14. Data Integrity - Checklist
Approval of Inputs
Has at least one designated individual approved the
inputs for each project?
Missing Data
Has any missing data been identified?
Estimates/Actuals
Are estimates of data items used in place of missing
actual data?
Rationale
Provide written rationale for any estimates used in
the calibration
15. Data Integrity - Checklist
Sensitivity Analysis
If estimates are used in lieu of actuals, has a
sensitivity analysis been done to evaluate the impact
on the calibration of varying assumptions with respect
to the estimates?
Extra Data
Has any extra data or different definitions been used?
Changes
Describe any changes made and the rationale for
them.
16. Data Integrity - Checklist
Additional Data
Has any additional data been collected that
can be used for later purposes?
Identify the extra data and how it might be
used. Examples include effort and schedule
portions for detailed phases and activities.
Size Conversion
Have all size measures been converted to
eSLOC or another base unit?
17. Data Integrity - Checklist
Counting Conventions
What SLOC counting conventions were followed
(logical SLOC, physical SLOC etc)?
If SLOC is not used, what definitions were followed
(such as IFPUG 4.2 standard, use cases 2.0)
Reuse
Are all reuse parameters provided for reused,
modified and COTS software portions?
Has all reuse and modification been accounted for
and converted into equivalent SLOC?
18. Data Integrity - Checklist
Reused/Modified
Does the total equivalent size include all new software and the
equivalent sizes of reused and modified software?
Evolution
Has Requirements Evolution been reported?
Input Ranges
Make sure that there are no ranges in the volume input, as that
would indicate previously estimated values.
Factors
Has the environment and scaling factors been updated?
Hours per Month
Has the correct HPM been applied?
19. Data Integrity – Additional Tips
Actual Phase Information: all activities may NOT be included. E.g.

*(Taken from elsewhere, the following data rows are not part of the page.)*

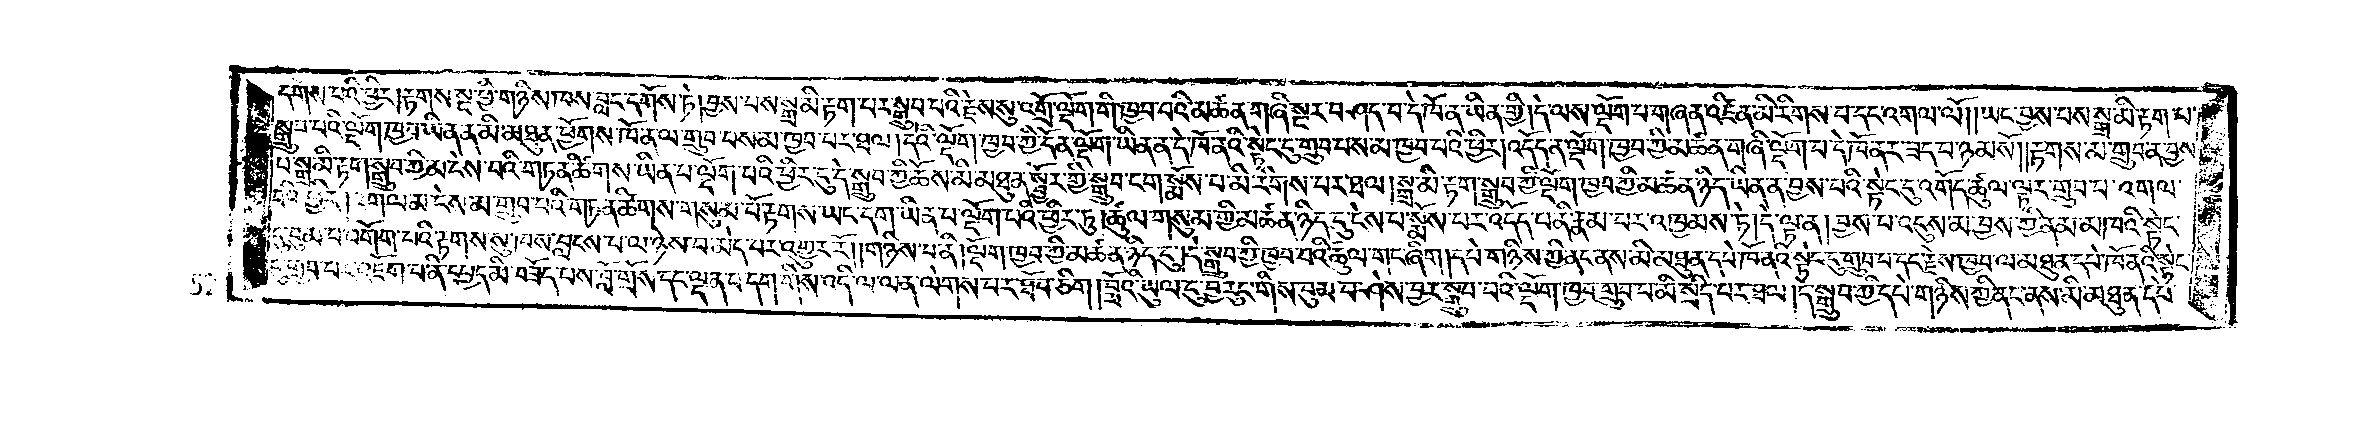དགོས་པའི་ཕྱིར། རྟགས་སྔ་ཕྱི་གཉིས་ཁས་བླང་དགོས་ཏེ། བྱས་པས་སྒྲ་མི་རྟག་པར་སྒྲུབ་པའི་རྗེས་སུ་འགྲོ་ལྡོག་གི་ཁྱབ་པའི་མཚན་གཞི་སྔར་བཤད་པ་དེ་ཁོ་ན་ཡིན་གྱི། དེ་ལས་ལྡོག་པ་གཞན་འཛིན་མི་རིགས་པ་དང་འགལ་ལོ། །ཡང་བྱས་པས་སྒྲ་མི་རྟག་པ་
སྒྲུབ་པའི་ལྡོག་ཁྱབ་ཡིན་ན་མི་མཐུན་ཕྱོགས་ཁོ་ན་ལ་གྲུབ་པས་མ་ཁྱབ་པར་ཐལ། དེའི་ལྡོག་ཁྱབ་ཀྱི་དོན་ལྡོག་ཡིན་ན་དེ་ཁོ་ནའི་སྟེང་དུ་གྲུབ་པས་མ་ཁྱབ་པའི་ཕྱིར། འདོད་ན་ལྡོག་ཁྱབ་ཀྱི་མཚན་གཞི་ལྡོག་པ་དེ་ཁོ་ནར་ཟད་པ་ཉམས་སོ། །རྟགས་མ་གྲུབ་ན་བྱས་
པ་སྒྲ་མི་རྟག་སྒྲུབ་ཀྱི་མ་ངེས་པའི་གཏན་ཚིགས་ཡིན་པ་ལྡོག་པའི་ཕྱིར་དུ་དེ་སྒྲུབ་ཀྱི་ཆོས་མི་མཐུན་སྦྱོར་གྱི་སྒྲུབ་ངག་སྨོས་པ་མི་རིགས་པར་ཐལ། སྒྲ་མི་རྟག་སྒྲུབ་ཀྱི་ལྡོག་ཁྱབ་ཀྱི་མཚན་ཉིད་ཡིན་ན་བྱས་པའི་སྟེང་དུ་འགོད་ཚུལ་ལྟར་གྲུབ་པ་འགལ་
བའི་ཕྱིར། འགལ་མ་ངེས་མ་གྲུབ་པའི་གཏན་ཚིགས་གསུམ་པོ་རྟགས་ཡང་དག་ཡིན་པ་ལྡོག་པའི་ཕྱིར་ཏུ། ཚུལ་གསུམ་གྱི་མཚན་ཉིད་དུ་ངེས་པ་སྨོས་པར་འདོད་པ་ནི་རྣམ་པར་འཁྱམས་ཏེ། དེ་ལྟ་ན། བྱས་པ་འདུས་མ་བྱས་ཀྱི་ནམ་མཁའི་སྟེང་
དུ་བུམ་པ་འགོག་པའི་རྟགས་སུ་ཁས་བླངས་པ་ལ་ཉེས་པ་མེད་པར་འགྱུར་རོ། །གཉིས་པ་ནི། ལྡོག་ཁྱབ་ཀྱི་མཚན་ཉིད་དུ། དེ་སྒྲུབ་ཀྱི་ཁྱབ་པའི་ཚུལ་གང་ཞིག །དཔེ་གཉིས་ཀྱི་ནང་ནས་མི་མཐུན་དཔེ་ཁོ་ནའི་སྟེང་དུ་གྲུབ་པ་དང་རྗེས་ཁྱབ་ལ་མཐུན་དཔེ་ཁོ་ནའི་སྟེང་
དུ་གྲུབ་པར་འཇོག་པ་ནི་དཔྱད་མི་བཟོད་པས་བློ་གྲོས་དང་ལྡན་པ་དག་གིས་འདི་ལ་ལན་ལེགས་པར་ཐོབ་ཅིག །བློའི་ཡུལ་དུ་བྱ་རུང་གིས་བུམ་པ་ཤེས་བྱར་སྒྲུབ་པའི་ལྡོག་ཁྱབ་གྲུབ་པ་མི་སྲིད་པར་ཐལ། དེ་སྒྲུབ་ཀྱི་དཔེ་གཉིས་ཀྱི་ནང་ནས་མི་མཐུན་དཔེ་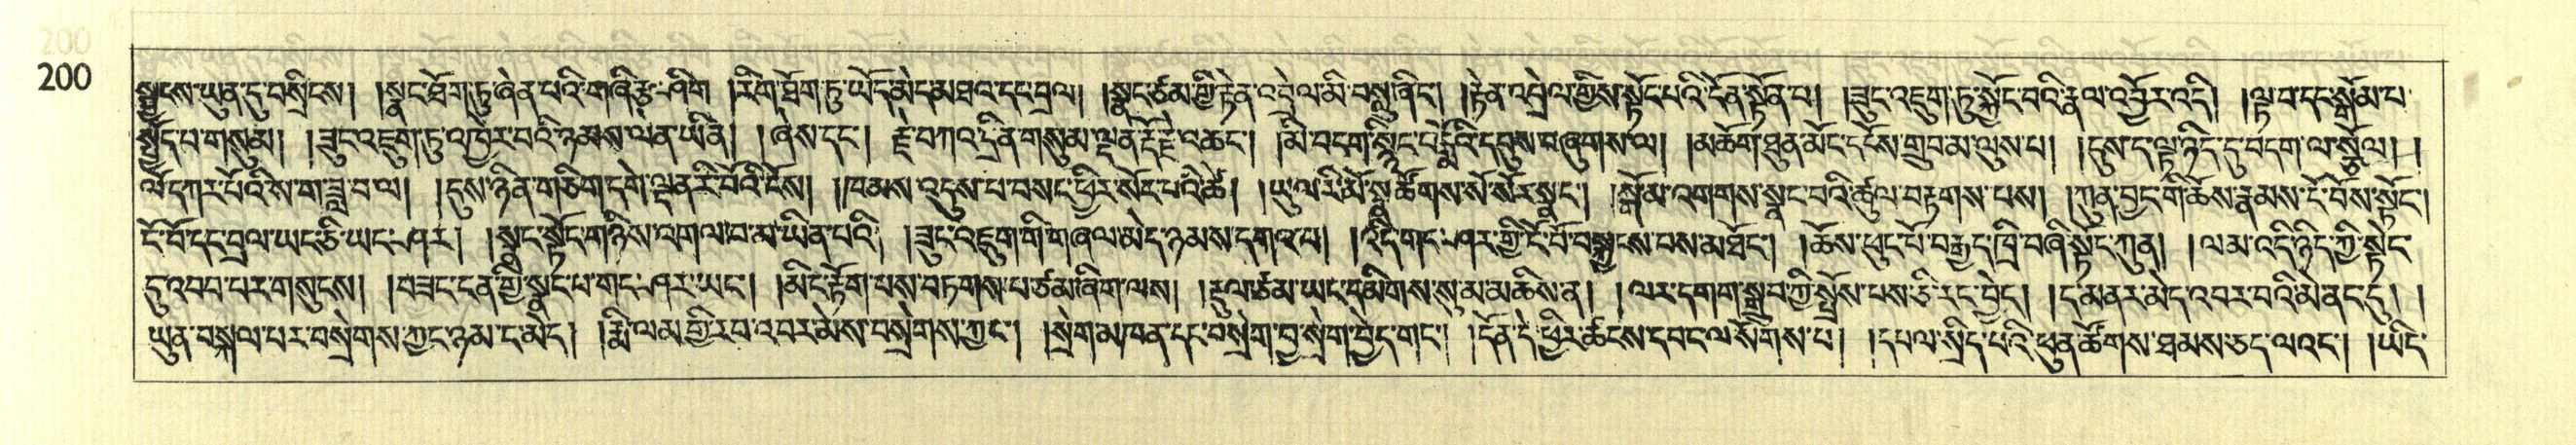སྦྱངས་ཡུན་དུ་བསྲིངས། །སྣང་ཐོག་ཏུ་ཞེན་པའི་གཞི་རྩ་ཤིག །རིག་ཐོག་ཏུ་ཡོད་མེད་མཐའ་དང་བྲལ། །སྣང་ཙམ་གྱི་རྟེན་འབྲེལ་མི་བསླུ་ཞིང་། །རྟེན་འབྲེལ་གྱིས་སྟོང་པའི་དོན་སྟོན་པ། །ཟུང་འཇུག་ཏུ་སྐྱོང་བའི་རྣལ་འབྱོར་འདི། །ལྟ་བ་དང་སྒོམ་པ་
སྤྱོད་པ་གསུམ། །ཟུང་འཇུག་ཏུ་འཁྱེར་བའི་ཉམས་ལེན་ཡིན། །ཞེས་དང་། རྗེ་བཀའ་དྲིན་གསུམ་ལྡན་རྡོ་རྗེ་འཆང་། །མི་བདག་སྙིང་པདམོའི་དབུས་བཞུགས་ལ། །མཆོག་ཐུན་མོང་དངོས་གྲུབ་མ་ལུས་པ། །དུས་ད་ལྟ་ཉིད་དུ་བདག་ལ་སྩོལ། །
ལོ་དཀར་པོའི་ས་ག་ཟླ་བ་ལ། །དུས་ཉིན་གཅིག་དགེ་ལྡན་རི་བོའི་ངོས། །ཁམས་འདུས་པ་བསང་ཕྱིར་སོང་པའི་ཚེ། །ཡུལ་རི་མོ་སྣ་ཚོགས་སོ་སོར་སྣང་། །སྒོ་མ་འགགས་སྣང་བའི་ཚུལ་བརྟགས་པས། །ཀུན་བྱང་གི་ཆོས་རྣམས་ངོ་བོས་སྟོང་།
ངོ་བོ་དང་བྲལ་ཡང་ཅི་ཡང་ཤར། །སྣང་སྟོང་གཉིས་འགལ་བ་མ་ཡིན་པའི། །ཟུང་འཇུག་གི་གཞལ་མེད་ཉམས་དགའ་པ། །འདི་གང་ཤར་གྱི་ངོ་བོ་བསྐྱངས་པས་མཐོང་། །ཆོས་ཕུང་པོ་བརྒྱད་ཁྲི་བཞི་སྟོང་ཀུན། །ལམ་འདི་ཉིད་ཀྱི་སྟེང་
དུ་འབབ་པར་གསུངས། །བཟང་ངན་གྱི་སྣང་པ་གང་ཤར་ཡང་། །མིང་རྟོག་པས་བཏགས་པ་ཙམ་ཞིག་ལས། །རྡུལ་ཙམ་ཡང་དམིགས་སུ་མ་མཆིས་ན། །ལར་དགག་སྒྲུབ་ཀྱི་སྤྲོས་པས་ཅི་རང་བྱེད། །ད་མནར་མེད་འབར་བའི་མེ་ནང་དུ། །
ཡུན་བསྐལ་པར་བསྲེགས་ཀྱང་ཉམ་ང་མེད། །རྨི་ལམ་གྱི་རབ་འབར་མེས་བསྲེགས་ཀྱང་། །སྲེག་མཁན་དང་བསྲེག་བྱ་སྲེག་བྱེད་གང་། །དོན་དེ་ཕྱིར་ཚངས་དབང་ལ་སོགས་པ། །དཔལ་སྲིད་པའི་ཕུན་ཚོགས་ཐམས་ཅད་ལའང་། །ཡིད་

system concept and integration is excluded.
Actual Labor Information: all activities may NOT be included. E.g.
configuration and quality assurance is excluded.
Was the schedule ‘stop and start’?
Resources: where there hard-hitting resource constraints?
Volatility: did requirements undergo extraordinary evolution?
Manager’s objectives: was the project to complete in ‘minimum
time’ or ‘least cost’?
Effort: are effort figures actually derived from cost figures?
Always run sanity checks on data. E.g. one million lines of
code cannot be developed in 3 months.